Quando, porém, é arrojada acima do âmbito da presente vida, então afinal
principalmente se convence de sua debilidade. Por isso, para que percebamos
melhor até onde, em função do grau de sua capacidade, possa ela proceder em
cada matéria, é-nos indispensável estabelecer uma distinção. Eis, pois, a
distinção: certamente uma é a compreensão das coisas terrenas; a outra, porém,
a das celestiais. Chamo de “coisas terrenas” aquelas que não dizem respeito a
Deus e seu reino, à verdadeira justiça, à bem-aventurança da vida futura; mas,
ao contrário, têm significado e nexo em relação à presente vida, e de certo
modo se mantêm dentro dos limites. “Coisas celestiais” chamo o puro
conhecimento de Deus, o senso da verdadeira justiça e os mistérios do reino
celeste. Na primeira classe estão a ciência política, a economia doméstica, todas
as artes mecânicas e as disciplinas liberais; na segunda, o conhecimento de
Deus e da divina vontade e a norma de plasmar a vida em conformidade com essa
vontade. Quanto à primeira dessas classes, porém, assim se deve confessar: uma
vez que o homem é um animal por natureza social, conseqüentemente propende por
instinto natural a promover e conservar esta sociedade, e por isso observamos
que existem na mente de todos os homens impressões universais não só de uma
certa probidade, como também de uma ordem civil. Daqui resulta que não se ache
ninguém que não compreenda ser conveniente que todas e quaisquer comunidades
humanas sejam reguladas por leis, e que não abarque na mente os princípios
dessas leis. Daqui esse perpétuo assentimento
para com as leis, tanto de todas as nações quanto de cada mortal; por isso, sem
mestre ou legislador, as sementes são implantadas em todos. Nem me detenho a
considerar as dissensões e conflitos que logo surgem, enquanto uns, como os
ladrões e salteadores, desejam ver revertido todo direito e justiça, desfeitas
todas as barreiras das leis, e ver sua cupidez prevalecendo por direito.

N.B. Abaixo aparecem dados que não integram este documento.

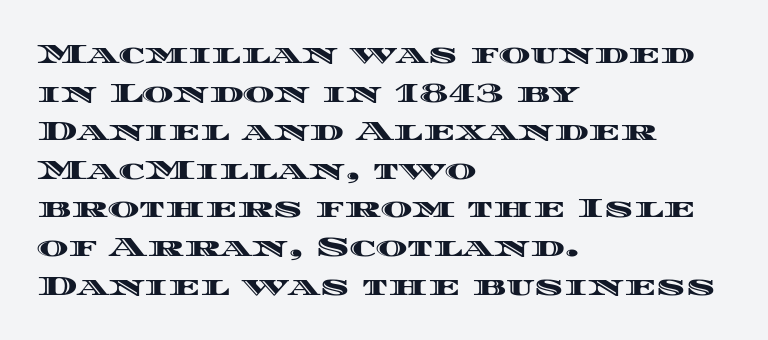
Tracking value appears to be zero — textbook default spacing. The font's upright variant was chosen for this text. Alignment: flush left. Rows of type keep a routine distance in the vertical direction. This rendering features lettering with no underline.
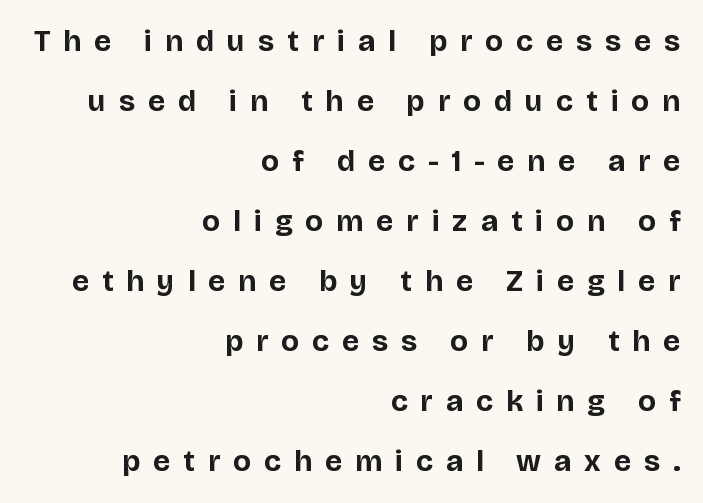
Q: Is the text bold? A: Yes.
Q: Is the text italic (slanted)? A: No, it is upright.
Q: Is the typeface a serif or a sans-serif typeface? A: Sans-serif.
Q: Is the text underlined? A: No.
Q: How is the paragraph aligned? A: Right-aligned.
Q: Is the spacing between letters normal or unusually wide? A: Unusually wide.
Q: Is the spacing between lines tight, normal or loose? A: Loose.
Q: Width (condensed, normal, or wide)? A: Normal.
Q: Stroke contrast? A: Low.
Q: x-height? A: Large.
Q: Monospaced? A: No.
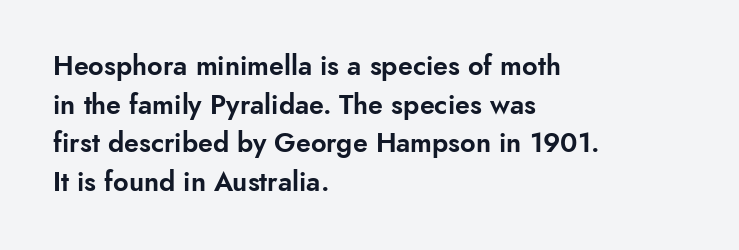
The image shows 27 px text type, upright; set left-aligned, normal line spacing (1.43x), normal letter spacing, not underlined.
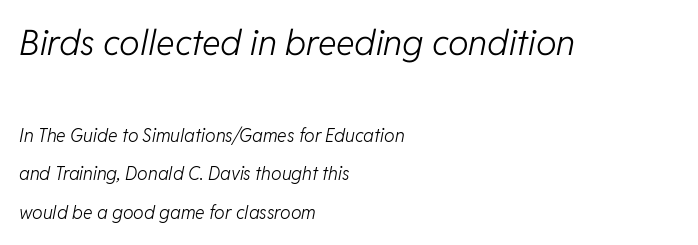
The passage shown is not underscored anywhere. Heft: none added — not bold. Think of a printed novel: that variable character pitch is what you see here. Block one is the big one; block two sits smaller underneath. Nothing unusual about the tracking: characters are spaced as the font intends.

Outros, o que é vício mais do que comum, pensam ser iníquo aquilo que é
sancionado por uns como justo e, em contrário, contendem ser louvável aquilo que
é proibido por outros; ainda que aqueles por isso não odeiem as leis, as quais
ignoram serem boas e santas, mas, exacerbados por desenfreada cobiça, pugnam
contra a razão manifesta e, em função de sua cupidez, abominam o que aprovam
com a compreensão da mente. A contenção destes é tal que não invalida essa
primeira concepção da eqüidade, porque, enquanto os homens disputam entre si a
respeito de capítulos das leis, estão de acordo no que tange a certa noção
básica da justiça. No que se argúi com certeza quanto à debilidade da mente
humana, a qual, mesmo quando parece trilhar o caminho, manqueja e cambaleia.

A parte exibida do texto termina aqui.